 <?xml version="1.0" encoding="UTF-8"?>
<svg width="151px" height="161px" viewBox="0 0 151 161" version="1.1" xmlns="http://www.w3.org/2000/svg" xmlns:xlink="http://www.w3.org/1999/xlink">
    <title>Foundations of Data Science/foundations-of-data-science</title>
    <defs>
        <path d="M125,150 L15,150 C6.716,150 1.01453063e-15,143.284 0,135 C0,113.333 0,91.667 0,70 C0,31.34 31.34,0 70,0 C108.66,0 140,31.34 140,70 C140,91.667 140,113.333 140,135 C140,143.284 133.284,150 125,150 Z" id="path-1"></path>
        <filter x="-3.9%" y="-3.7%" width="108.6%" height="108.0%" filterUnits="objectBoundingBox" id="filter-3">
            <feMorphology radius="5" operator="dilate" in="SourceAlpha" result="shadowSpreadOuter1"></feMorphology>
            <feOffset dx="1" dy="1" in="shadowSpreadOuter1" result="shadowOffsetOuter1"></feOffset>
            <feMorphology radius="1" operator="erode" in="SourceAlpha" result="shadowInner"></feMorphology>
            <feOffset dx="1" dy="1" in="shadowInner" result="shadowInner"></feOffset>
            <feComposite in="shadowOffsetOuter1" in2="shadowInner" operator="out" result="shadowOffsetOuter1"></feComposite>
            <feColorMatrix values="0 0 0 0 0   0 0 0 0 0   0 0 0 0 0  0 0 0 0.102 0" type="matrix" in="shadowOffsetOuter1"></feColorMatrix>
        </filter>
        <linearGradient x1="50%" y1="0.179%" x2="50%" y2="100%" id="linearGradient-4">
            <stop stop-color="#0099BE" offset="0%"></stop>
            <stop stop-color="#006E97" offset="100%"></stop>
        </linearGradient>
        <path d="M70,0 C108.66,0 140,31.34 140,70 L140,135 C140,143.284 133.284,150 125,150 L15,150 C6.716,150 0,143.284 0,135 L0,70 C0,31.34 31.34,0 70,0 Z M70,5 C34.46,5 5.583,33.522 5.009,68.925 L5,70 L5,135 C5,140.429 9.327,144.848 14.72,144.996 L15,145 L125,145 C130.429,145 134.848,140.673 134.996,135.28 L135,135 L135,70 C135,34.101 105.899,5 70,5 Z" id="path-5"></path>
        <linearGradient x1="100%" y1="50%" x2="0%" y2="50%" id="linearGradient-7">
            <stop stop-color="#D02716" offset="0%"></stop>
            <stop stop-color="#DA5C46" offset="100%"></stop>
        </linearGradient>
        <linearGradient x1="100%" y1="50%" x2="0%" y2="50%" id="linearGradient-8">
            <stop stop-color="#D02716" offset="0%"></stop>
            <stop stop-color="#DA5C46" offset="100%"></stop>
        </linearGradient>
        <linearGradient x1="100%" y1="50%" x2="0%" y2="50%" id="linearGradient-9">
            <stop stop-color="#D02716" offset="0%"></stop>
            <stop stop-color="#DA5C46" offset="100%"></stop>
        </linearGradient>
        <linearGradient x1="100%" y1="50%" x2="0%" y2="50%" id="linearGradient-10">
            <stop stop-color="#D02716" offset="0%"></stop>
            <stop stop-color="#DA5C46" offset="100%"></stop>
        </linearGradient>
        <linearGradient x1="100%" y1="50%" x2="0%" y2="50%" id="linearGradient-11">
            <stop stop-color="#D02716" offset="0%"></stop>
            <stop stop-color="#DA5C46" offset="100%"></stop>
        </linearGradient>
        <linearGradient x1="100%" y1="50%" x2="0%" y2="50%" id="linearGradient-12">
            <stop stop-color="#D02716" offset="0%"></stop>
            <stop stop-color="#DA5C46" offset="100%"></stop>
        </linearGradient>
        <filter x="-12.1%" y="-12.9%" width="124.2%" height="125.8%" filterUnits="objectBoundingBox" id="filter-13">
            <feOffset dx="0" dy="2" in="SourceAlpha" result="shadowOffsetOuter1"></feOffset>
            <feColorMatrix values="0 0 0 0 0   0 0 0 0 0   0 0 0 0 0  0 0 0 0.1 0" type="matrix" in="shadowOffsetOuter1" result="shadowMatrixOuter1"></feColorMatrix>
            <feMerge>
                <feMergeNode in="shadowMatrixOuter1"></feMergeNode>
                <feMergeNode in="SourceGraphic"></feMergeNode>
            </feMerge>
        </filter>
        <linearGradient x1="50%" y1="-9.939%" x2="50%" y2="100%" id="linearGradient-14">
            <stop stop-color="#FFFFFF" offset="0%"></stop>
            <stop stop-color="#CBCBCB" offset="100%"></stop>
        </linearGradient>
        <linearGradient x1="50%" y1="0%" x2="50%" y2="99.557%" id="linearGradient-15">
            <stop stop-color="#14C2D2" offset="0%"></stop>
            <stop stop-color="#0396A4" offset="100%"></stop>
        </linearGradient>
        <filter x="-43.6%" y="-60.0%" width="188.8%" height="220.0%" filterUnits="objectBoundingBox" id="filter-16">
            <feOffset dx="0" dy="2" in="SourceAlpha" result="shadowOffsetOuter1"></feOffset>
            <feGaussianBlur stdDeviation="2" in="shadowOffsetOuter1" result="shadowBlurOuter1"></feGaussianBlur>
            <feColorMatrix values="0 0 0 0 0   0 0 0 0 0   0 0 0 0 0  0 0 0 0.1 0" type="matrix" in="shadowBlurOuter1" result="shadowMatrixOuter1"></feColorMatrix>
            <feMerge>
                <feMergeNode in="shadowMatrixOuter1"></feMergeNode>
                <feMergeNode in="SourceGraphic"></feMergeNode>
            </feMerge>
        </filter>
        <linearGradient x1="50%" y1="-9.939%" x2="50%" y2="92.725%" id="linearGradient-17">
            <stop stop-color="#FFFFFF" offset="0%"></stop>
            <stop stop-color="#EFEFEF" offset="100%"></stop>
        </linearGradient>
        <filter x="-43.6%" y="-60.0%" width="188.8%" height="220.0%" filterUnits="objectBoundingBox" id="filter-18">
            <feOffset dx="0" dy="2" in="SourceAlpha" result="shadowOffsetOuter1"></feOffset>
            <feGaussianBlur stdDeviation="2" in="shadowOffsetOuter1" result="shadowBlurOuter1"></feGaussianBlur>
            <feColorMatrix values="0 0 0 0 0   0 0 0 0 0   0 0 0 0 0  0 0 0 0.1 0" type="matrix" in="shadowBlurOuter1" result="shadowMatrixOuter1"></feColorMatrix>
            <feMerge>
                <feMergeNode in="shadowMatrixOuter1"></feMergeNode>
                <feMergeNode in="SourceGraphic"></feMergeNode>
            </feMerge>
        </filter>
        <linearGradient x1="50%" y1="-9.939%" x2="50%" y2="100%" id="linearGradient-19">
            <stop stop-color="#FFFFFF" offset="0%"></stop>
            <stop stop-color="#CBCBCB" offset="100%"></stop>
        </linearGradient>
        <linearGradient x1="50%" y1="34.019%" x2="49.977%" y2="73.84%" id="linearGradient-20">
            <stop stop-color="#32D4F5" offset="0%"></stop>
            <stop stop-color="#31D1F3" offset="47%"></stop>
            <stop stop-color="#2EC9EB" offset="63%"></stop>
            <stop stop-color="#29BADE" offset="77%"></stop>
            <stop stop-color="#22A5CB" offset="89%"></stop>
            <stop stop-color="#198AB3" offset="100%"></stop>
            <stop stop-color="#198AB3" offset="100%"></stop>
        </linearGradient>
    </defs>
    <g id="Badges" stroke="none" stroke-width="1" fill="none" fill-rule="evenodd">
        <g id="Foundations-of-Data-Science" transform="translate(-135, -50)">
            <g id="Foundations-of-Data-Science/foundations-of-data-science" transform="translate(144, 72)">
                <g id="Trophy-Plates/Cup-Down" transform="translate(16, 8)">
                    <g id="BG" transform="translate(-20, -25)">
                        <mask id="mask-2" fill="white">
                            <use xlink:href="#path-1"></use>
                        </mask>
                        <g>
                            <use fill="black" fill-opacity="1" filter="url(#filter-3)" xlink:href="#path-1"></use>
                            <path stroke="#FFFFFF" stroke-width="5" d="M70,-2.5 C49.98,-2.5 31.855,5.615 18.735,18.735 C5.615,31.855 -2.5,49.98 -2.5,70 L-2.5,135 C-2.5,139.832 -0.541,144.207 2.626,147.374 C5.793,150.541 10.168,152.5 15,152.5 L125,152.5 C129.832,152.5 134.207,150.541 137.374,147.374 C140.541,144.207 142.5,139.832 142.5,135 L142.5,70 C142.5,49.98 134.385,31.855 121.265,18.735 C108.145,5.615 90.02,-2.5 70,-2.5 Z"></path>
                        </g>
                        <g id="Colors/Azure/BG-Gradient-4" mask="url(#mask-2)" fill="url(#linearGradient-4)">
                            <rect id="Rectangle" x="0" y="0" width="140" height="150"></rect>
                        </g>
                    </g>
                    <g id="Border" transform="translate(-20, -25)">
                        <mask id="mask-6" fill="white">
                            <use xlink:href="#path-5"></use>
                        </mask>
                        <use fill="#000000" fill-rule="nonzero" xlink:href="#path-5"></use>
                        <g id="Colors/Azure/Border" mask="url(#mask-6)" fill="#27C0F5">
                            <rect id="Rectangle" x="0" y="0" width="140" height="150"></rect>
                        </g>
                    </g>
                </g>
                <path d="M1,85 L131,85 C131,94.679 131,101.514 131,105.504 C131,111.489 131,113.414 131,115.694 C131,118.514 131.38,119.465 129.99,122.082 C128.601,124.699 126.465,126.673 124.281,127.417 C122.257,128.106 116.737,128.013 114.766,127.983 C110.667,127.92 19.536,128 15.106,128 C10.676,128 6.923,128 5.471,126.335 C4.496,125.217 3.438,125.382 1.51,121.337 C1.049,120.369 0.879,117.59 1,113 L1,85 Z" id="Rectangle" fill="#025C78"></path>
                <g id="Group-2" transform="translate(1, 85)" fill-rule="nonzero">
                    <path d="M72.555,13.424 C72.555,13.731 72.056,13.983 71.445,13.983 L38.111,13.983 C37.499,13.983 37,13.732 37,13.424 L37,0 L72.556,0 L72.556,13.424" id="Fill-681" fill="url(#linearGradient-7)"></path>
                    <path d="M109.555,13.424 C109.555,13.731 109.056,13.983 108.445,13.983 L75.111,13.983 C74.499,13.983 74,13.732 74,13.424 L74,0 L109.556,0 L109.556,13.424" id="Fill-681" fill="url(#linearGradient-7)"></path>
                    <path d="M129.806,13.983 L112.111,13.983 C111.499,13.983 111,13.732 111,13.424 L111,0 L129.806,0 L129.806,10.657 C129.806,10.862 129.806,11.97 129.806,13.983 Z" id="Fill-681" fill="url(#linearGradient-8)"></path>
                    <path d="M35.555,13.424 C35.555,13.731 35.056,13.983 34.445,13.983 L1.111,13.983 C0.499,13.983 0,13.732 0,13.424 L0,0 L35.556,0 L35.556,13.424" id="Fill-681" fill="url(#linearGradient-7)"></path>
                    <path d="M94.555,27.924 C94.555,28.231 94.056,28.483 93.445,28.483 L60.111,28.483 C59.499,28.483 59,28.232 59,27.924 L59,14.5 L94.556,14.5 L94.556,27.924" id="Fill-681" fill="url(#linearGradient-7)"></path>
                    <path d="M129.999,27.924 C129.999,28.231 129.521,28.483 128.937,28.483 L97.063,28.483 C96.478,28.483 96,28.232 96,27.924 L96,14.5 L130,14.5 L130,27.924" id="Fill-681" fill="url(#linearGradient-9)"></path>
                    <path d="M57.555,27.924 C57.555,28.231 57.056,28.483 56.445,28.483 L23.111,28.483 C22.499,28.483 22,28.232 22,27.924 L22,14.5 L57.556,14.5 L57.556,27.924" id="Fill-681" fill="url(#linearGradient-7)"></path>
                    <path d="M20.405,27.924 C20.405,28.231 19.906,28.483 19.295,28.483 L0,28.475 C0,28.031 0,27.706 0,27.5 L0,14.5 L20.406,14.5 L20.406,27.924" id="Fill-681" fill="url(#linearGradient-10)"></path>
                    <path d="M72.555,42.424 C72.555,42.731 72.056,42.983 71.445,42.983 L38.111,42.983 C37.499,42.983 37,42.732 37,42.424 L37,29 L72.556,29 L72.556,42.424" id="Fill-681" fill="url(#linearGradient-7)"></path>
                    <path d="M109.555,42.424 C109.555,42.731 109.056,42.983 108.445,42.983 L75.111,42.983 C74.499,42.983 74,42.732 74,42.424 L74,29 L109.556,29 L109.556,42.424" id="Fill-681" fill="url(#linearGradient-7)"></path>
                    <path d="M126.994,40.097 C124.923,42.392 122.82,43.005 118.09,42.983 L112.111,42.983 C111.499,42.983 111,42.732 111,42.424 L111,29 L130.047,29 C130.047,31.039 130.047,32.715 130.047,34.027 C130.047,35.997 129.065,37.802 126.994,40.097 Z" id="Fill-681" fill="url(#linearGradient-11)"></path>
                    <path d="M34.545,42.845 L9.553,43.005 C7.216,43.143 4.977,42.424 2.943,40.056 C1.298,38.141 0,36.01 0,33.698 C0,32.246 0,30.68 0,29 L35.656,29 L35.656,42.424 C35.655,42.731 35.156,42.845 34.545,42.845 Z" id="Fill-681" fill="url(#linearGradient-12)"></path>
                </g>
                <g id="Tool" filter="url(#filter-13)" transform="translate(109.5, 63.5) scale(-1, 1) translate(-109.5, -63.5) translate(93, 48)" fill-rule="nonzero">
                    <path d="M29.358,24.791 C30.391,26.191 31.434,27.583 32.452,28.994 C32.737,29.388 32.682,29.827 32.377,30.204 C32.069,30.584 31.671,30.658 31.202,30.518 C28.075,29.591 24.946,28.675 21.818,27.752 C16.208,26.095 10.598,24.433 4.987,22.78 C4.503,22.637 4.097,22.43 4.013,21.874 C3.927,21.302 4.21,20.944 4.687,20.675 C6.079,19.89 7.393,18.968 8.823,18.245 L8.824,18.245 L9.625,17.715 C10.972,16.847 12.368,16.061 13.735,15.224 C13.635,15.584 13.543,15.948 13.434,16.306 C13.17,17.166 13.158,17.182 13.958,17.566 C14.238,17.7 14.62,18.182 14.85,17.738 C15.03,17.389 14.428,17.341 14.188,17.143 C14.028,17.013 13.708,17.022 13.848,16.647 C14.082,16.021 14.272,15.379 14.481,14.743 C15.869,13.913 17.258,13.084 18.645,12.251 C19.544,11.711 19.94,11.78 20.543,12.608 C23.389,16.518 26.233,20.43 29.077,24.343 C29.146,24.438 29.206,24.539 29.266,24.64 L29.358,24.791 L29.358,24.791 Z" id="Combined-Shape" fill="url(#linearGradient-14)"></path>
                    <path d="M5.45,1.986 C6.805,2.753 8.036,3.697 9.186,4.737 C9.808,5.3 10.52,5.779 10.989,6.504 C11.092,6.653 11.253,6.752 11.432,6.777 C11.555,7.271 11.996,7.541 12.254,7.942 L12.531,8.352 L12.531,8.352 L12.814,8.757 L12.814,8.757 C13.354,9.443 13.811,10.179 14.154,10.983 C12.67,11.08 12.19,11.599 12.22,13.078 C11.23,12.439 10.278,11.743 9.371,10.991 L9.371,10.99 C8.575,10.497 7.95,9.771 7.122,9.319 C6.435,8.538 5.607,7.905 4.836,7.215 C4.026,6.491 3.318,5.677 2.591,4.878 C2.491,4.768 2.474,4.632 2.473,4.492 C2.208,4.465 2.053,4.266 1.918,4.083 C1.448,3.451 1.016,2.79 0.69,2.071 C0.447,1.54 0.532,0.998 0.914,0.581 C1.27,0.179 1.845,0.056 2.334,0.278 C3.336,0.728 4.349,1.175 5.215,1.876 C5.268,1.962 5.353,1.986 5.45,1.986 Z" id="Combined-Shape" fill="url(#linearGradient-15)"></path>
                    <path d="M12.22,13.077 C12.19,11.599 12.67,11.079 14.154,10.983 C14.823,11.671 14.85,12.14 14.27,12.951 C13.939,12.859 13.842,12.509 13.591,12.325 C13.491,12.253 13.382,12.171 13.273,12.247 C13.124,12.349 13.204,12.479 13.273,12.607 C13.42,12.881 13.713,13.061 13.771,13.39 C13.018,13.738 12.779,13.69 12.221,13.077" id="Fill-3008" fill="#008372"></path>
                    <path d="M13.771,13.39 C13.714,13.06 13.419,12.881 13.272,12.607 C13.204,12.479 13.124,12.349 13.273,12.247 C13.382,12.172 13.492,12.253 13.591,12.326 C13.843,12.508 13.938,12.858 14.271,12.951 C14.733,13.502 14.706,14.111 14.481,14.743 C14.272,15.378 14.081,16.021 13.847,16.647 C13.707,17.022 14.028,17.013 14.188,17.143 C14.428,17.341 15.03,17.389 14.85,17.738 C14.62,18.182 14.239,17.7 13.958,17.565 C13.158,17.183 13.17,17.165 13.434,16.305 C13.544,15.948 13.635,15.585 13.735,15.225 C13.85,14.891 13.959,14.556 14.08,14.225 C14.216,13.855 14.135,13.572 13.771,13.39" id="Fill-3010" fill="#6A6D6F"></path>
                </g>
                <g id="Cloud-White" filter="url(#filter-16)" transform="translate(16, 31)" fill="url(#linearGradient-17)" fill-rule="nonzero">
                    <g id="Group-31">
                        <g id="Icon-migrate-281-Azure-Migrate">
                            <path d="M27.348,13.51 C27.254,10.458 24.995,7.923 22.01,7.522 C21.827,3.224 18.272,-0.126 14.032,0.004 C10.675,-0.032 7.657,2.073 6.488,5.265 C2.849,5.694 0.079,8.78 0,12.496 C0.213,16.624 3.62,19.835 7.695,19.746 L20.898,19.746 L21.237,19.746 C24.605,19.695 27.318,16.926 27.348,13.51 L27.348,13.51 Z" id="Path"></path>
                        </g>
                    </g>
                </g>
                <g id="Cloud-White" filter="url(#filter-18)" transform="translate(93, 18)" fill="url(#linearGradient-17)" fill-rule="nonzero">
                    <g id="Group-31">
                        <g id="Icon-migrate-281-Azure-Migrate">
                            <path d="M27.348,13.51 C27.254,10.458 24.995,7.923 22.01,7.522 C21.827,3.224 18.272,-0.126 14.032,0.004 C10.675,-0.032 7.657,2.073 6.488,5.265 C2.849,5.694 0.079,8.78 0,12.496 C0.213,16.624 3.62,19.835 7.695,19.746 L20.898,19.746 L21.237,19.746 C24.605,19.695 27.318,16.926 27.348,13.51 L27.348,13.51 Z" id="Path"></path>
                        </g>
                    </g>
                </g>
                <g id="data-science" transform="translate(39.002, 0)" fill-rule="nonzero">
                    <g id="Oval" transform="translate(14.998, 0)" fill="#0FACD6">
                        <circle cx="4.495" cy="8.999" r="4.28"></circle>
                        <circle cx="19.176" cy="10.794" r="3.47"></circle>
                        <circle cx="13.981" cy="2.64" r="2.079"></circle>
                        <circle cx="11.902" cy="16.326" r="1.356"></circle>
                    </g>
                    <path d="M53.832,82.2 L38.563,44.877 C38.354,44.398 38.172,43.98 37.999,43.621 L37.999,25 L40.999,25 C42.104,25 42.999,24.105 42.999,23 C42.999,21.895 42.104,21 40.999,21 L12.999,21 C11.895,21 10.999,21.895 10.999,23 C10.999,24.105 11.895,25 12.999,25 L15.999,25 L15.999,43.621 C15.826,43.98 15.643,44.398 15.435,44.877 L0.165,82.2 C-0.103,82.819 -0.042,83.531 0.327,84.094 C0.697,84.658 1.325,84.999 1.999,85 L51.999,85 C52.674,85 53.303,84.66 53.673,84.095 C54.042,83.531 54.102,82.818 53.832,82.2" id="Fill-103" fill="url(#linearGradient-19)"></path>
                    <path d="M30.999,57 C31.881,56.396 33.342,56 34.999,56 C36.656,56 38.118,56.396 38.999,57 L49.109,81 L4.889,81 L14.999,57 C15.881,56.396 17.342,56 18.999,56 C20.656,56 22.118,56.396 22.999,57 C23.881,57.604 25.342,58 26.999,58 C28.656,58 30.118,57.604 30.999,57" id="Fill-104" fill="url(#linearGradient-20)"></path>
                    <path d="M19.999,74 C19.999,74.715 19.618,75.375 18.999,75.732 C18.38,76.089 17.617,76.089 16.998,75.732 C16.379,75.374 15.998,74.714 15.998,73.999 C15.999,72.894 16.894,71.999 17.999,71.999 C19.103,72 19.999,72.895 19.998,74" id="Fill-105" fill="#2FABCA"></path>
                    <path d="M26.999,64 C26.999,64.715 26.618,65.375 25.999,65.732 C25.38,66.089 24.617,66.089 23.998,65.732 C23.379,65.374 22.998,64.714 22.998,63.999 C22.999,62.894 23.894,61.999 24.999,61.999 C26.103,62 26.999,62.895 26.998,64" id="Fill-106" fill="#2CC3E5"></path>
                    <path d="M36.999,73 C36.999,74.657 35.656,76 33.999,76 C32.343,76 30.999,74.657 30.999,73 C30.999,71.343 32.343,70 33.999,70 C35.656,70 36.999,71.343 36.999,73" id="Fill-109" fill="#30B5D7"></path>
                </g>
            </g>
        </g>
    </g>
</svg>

• • • •

• TASK PROMPT
Lines of the listing above that include the string "radius" should each be copied.

• EXERCISE RESPONSE
            <feMorphology radius="5" operator="dilate" in="SourceAlpha" result="shadowSpreadOuter1"></feMorphology>
            <feMorphology radius="1" operator="erode" in="SourceAlpha" result="shadowInner"></feMorphology>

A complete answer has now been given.